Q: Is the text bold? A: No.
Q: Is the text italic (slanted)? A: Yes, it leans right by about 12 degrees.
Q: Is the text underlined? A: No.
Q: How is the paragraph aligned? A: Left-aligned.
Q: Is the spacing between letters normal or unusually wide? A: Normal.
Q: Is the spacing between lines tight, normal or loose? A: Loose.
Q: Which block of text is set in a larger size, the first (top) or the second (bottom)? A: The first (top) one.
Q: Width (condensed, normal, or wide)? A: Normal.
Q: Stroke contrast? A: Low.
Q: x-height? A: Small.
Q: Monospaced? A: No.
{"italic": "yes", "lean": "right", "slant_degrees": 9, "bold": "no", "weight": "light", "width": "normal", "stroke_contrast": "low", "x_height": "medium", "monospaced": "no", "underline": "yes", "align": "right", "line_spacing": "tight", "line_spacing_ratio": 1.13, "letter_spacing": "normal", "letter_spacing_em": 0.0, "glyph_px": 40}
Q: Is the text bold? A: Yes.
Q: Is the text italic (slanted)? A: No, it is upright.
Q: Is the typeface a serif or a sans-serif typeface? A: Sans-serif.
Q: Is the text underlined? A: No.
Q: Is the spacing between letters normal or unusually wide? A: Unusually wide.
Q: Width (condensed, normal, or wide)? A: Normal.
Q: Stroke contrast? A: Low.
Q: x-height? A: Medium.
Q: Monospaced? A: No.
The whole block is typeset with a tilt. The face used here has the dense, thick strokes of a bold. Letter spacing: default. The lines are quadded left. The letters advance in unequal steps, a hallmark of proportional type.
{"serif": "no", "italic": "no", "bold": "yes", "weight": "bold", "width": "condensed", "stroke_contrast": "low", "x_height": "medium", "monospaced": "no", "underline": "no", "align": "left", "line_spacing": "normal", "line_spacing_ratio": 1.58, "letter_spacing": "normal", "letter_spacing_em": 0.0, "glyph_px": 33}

# Work instructions
Copy each line of the preceding material that contains "wide".

# Output for this exercise
Q: Is the spacing between letters normal or unusually wide? A: Normal.
Q: Width (condensed, normal, or wide)? A: Normal.
Q: Is the spacing between letters normal or unusually wide? A: Unusually wide.
Q: Width (condensed, normal, or wide)? A: Normal.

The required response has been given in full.